Aquaman


2018 superhero movie

Rating: 11/20

Plot: Aquaman has to retrieve a magical fork so that he can defeat his half-brother, become king of Atlantis, and stop an impeding war with the people on land.

Jason Mamoa is a hunk of a man, but he's got less personality than most of the CGI aquatic animals in this movie. Part of his problem might be that the movie doesn't seem all that interested in creating anything but a hunk of a man. He's got some cliched reluctant superhero issues--parent issues, not fitting in anywhere, romantic troubles, general cockiness--but there's very little that distinguishes him from other superpeople or makes him non-generic.

James Wan knows how to pile ridiculousness on top of ridiculousness, and what makes this kind of fun is just how stupid it can be. The action set pieces--one on land in Sicily, most under the water with all sorts of ocean life and explosions--contain fathoms of CGI. They're very cartoonish, the kinds of things that old men might have a difficult time even comprehending. The cartoonish, very silly quality Wan brings to this sort-origin story clashes with the DC movie aesthetics. The brooding, bombastic score, the heroic poses and heroic quick zooms to characters, the rubbery-CGI fights, and the weird jagged pacing that I'd associate with the Justice League character movies take away a lot of the personality this movie should have. It's loud in superhero movie ways, it's trying to be funny in superhero movie ways, and it's exciting in superhero movie ways, but it struggles to become anything other than just another superhero movie albeit maybe a slightly goofier one.
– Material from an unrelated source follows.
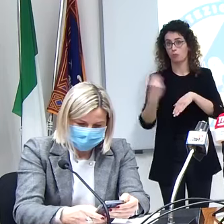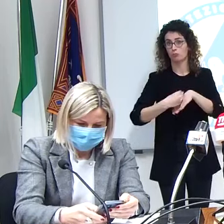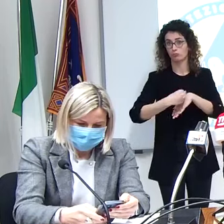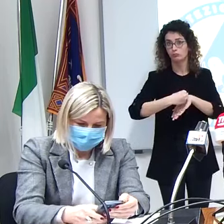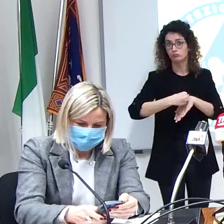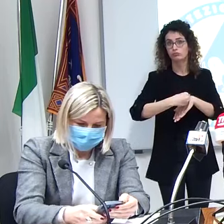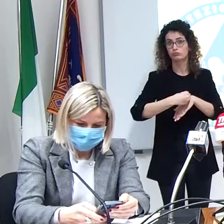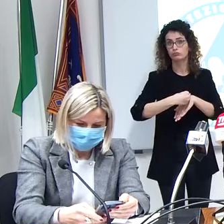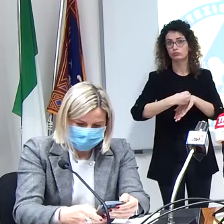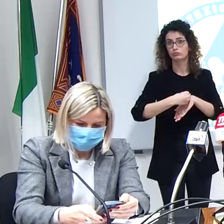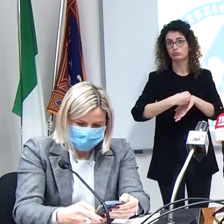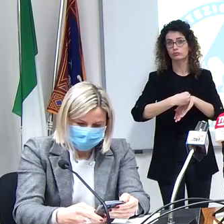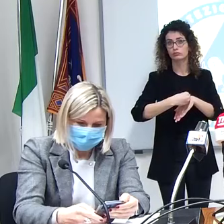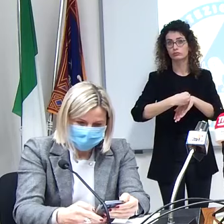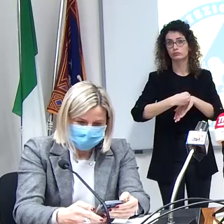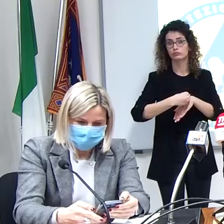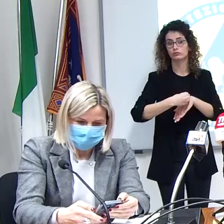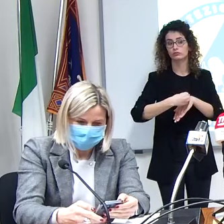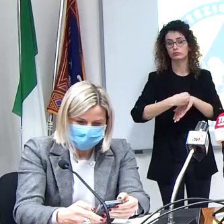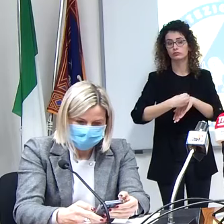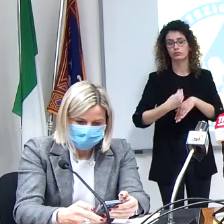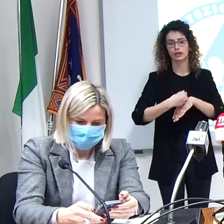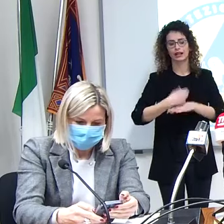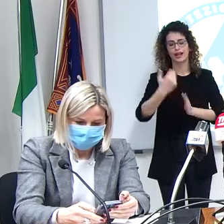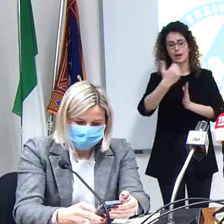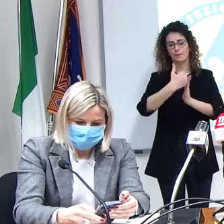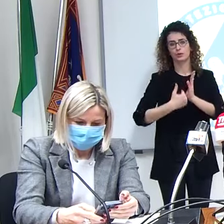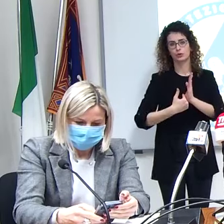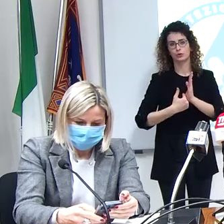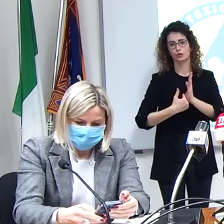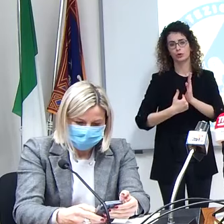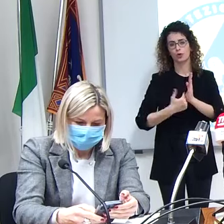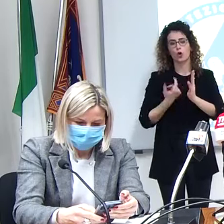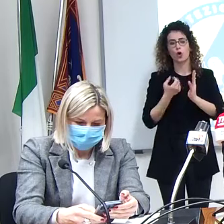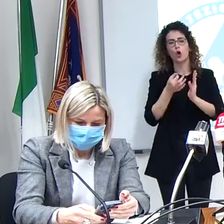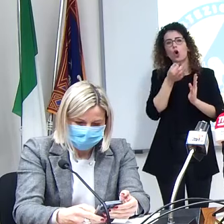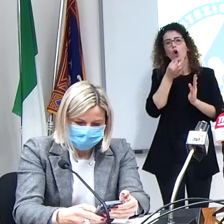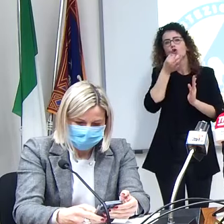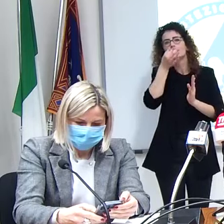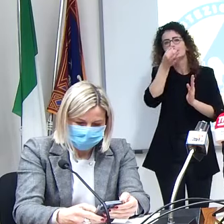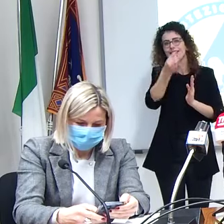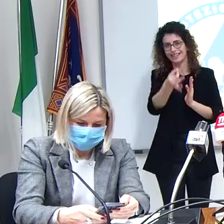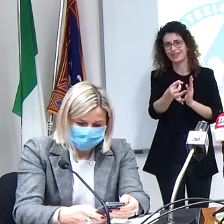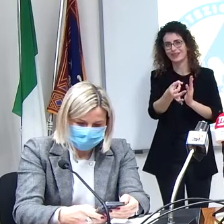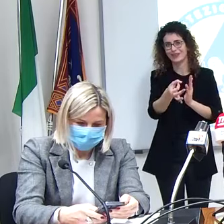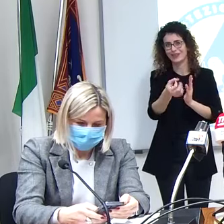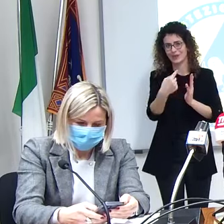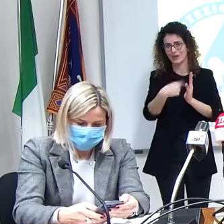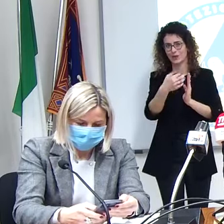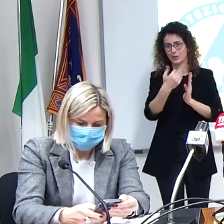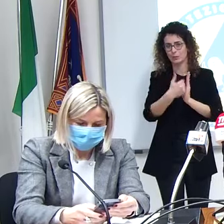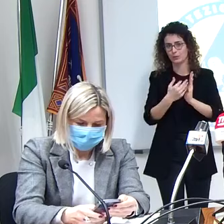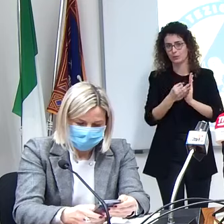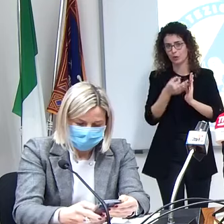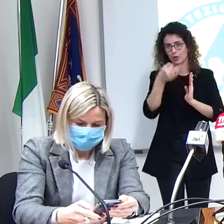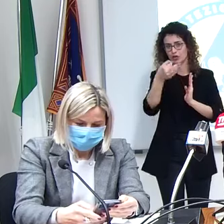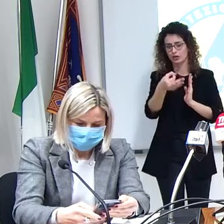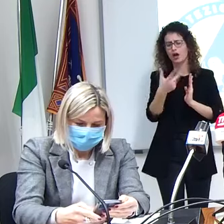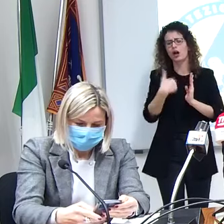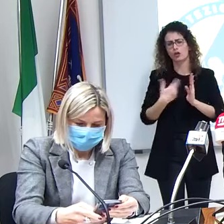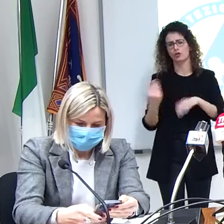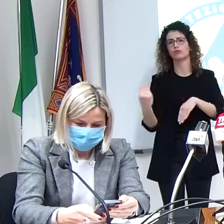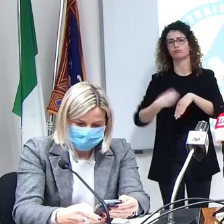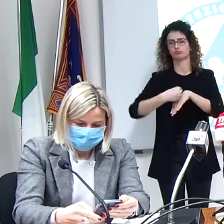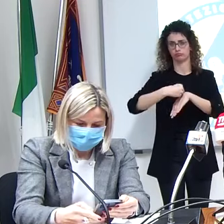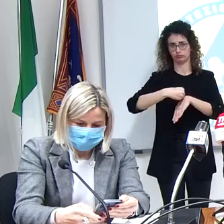che va letto come una indicazione un suggerimento un consiglio aggiorneremo
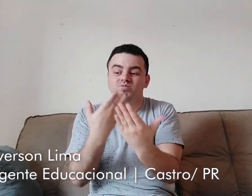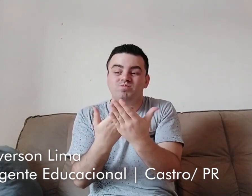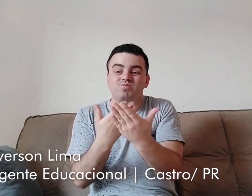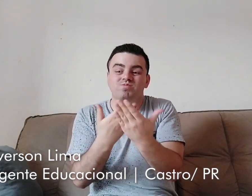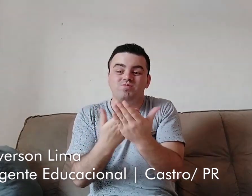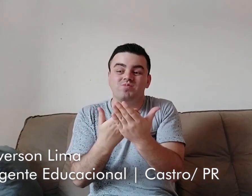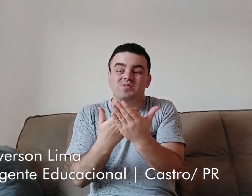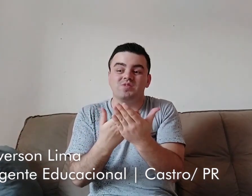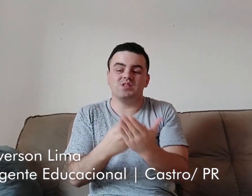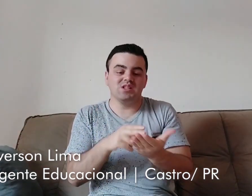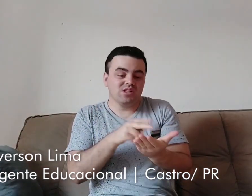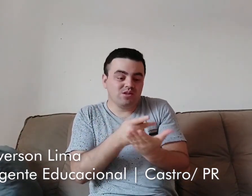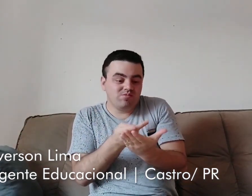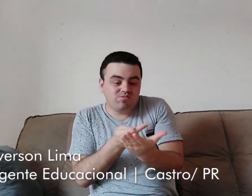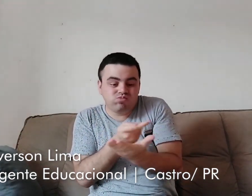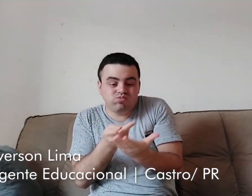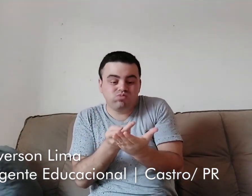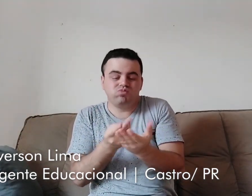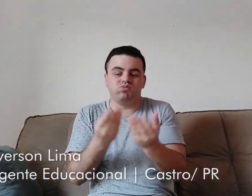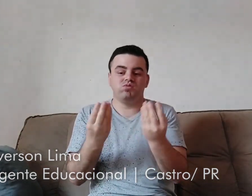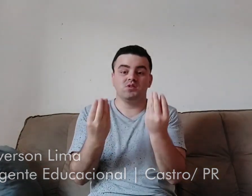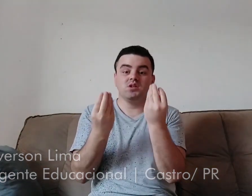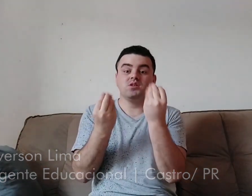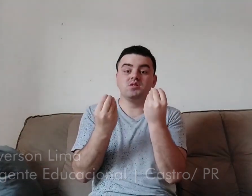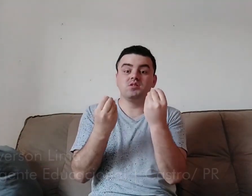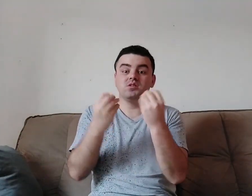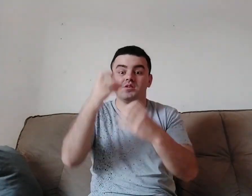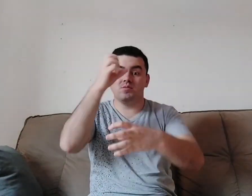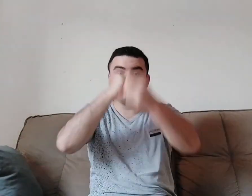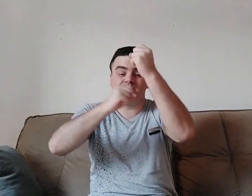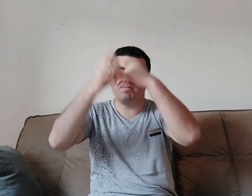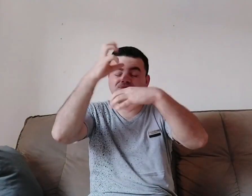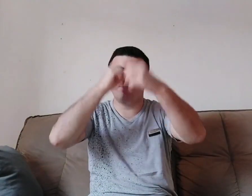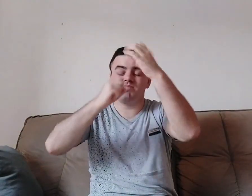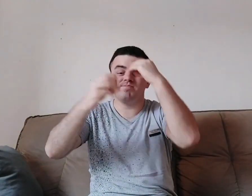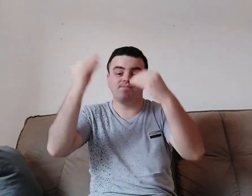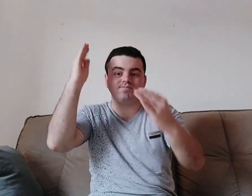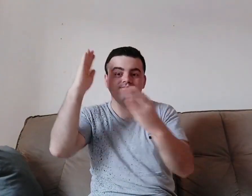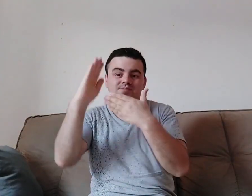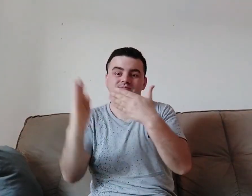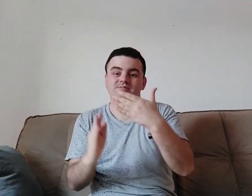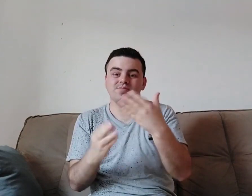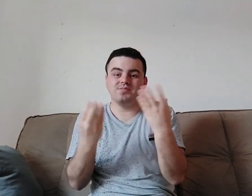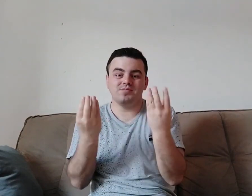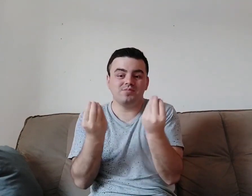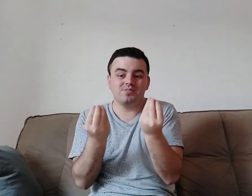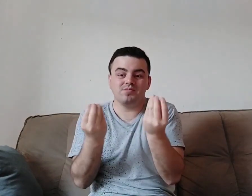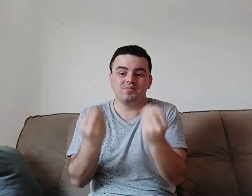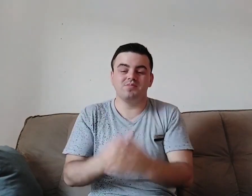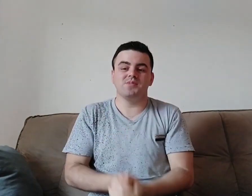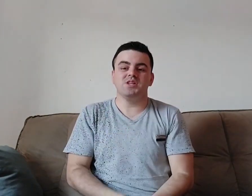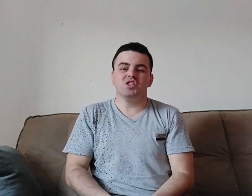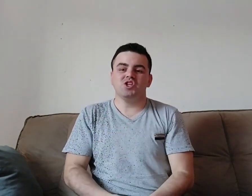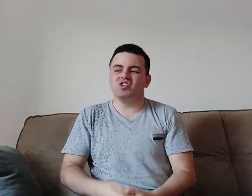No passado eu estudava a Libras e eu queria aprender vários sinais. E

Some of the actors don't seem to fit all that well. Momoa and Amber Heard are fine, and Nicole Kidman, even though it seems like she probably should have better things to do with her time, isn't completely out of place. Patrick Wilson's face doesn't seem to fit in this world at all, and Willem Dafoe looks completely lost, like he just stumbled onto the set and they decided to give him a role. Now he's played Jesus, Bobby Peru, Van Gogh, and a guy who rides on a hammerhead shark. Dolph Lundgren's also in this.

Hammerhead-shark riding is something I can handle in a movie like this. Where the goofiness really gets in the way are these other ill-timed moments that just get in the way. There's a moment in this when two characters kiss each other that was about as stupid as anything I've seen in a movie. There are too many moments like that, times when this thing needs to flow but kind of clunks along instead.

Still, I really enjoyed a lot of the visual appeal. The underwater stuff--the glowing cities, the bioluminescent ocean animals and a lot of the imaginary creatures, some of the costumes (I was particularly fond of one of Amber Heard's outfits, a dress that had a collar of jellyfish and waving tentacles), the modes of transportation including both the technologically-advanced ships and the riding on seahorses and hammerhead sharks--kept my eyes glued to the screen even when I was a little bored. I liked the look of giant-headed, bug-eyed villain (Mantis, I guess), too, although his character arc was both generic and implausible.

I wish the conflict with the Atlantis folk and the land people would have been developed a little better. It seems like Wan wanted to address environmental concerns or something like that but just didn't have the heart.